Based on data from a large-scale survey among first-semester students (n=4,822), a multidimensional index has been presented measuring the degree of digitalisation of university students and thus makes it possible to analyse to what degree the assumption of students as digital natives holds true empirically. By using the DDS-Index, it can be shown – in line with digital divide research – that digital inequalities exist in higher education and need to be addressed. Not only are there differences in the student body with regard to technical equipment (first-level digital divide) and the use of online services (second-level digital divide), but differences can also be found with regard to digital competencies. In addition, it could be shown that existing differences in access, use and digital competencies are not random, but are systematically influenced by socio-demographic factors. Comparatively low-digitised students are predominantly female, tend to come from secondary academic schools and did not attend a laptop or tablet class during schooling. A contrary picture appears in the group of highly digitised students. Here, the male share dominates. In addition, it has a positive effect on the degree of digitalisation if students have attended a VET college and a laptop or tablet class during schooling, and if they have been admitted to higher education by obtaining the general qualification for university entrance (Matura).

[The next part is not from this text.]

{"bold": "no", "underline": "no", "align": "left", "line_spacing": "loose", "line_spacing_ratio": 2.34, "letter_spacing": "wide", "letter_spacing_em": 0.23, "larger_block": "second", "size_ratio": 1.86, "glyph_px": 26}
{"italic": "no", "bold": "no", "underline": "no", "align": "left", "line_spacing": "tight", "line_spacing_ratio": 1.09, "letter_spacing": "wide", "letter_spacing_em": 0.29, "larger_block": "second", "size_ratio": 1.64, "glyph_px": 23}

Although some authors have already empirically challenged the assumption of digital natives (for an overview see Marshall, 2018: 197–211), their surveys lack comparability. For example, the question of whether digital natives are a myth or reality is mapped by Scolari (2019) using the concept and survey of transmedia skills and literacy, while Margaryan et al. (2011) argue on the basis of university students’ usage of digital technologies. Depending on the operationalisation of digital competencies, the results vary, while re-testing is hardly possible as applied survey instruments are not available. These shortcomings were taken into account in the construction of the DDS-Index. Thus, the transparent approach, the available questionnaire (Janschitz and Monitzer, 2020a, 2020b), as well as the construction and validation process outlined in this paper, guarantee the reproducibility of the DDS-Index. Hence, it is possible to use the DDS-Index at higher education institutions that are interested in the digitalisation level of their students.

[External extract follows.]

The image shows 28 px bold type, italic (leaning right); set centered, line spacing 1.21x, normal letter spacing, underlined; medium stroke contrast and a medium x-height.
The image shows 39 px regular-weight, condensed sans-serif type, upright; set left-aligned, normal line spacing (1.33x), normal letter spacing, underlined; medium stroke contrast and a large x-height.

Furthermore, the results not only provide a picture of the digital student body, but also allow the development of recommendations for teaching, research and administration in higher education (Kopp et al., 2021). In this way, the use of new digital media and technologies for the organisation and implementation of digital teaching and learning settings can be modelled in the best possible way based on empirical results. The COVID-19 pandemic and its impact on higher education teaching show the relevance and need for an evidence-based adaptation of teaching that corresponds to the knowledge and competencies of students. In this sense, the index is a valuable tool to study the effects of the pandemic context on digital competencies. Our study was conducted in winter semester 2019/2020 and thus offers results for pre-COVID-19 times. Reconducting the study after almost two years of COVID-19, and consequently different teaching settings (e.g. complete distance learning, hybrid teaching), would reveal the effects of the pandemic on digital usage. Besides researching pandemic effects, the DDS-Index can be used to analyse the effects of a university curriculum on the degree of digitalisation of students by measuring at the beginning and end of a curriculum. Also, conducting a panel study that surveys the same sample over a period of years is feasible with the DDS-Index. Such a panel design would provide new perspectives on digital trends within a cohort of presumed digital natives.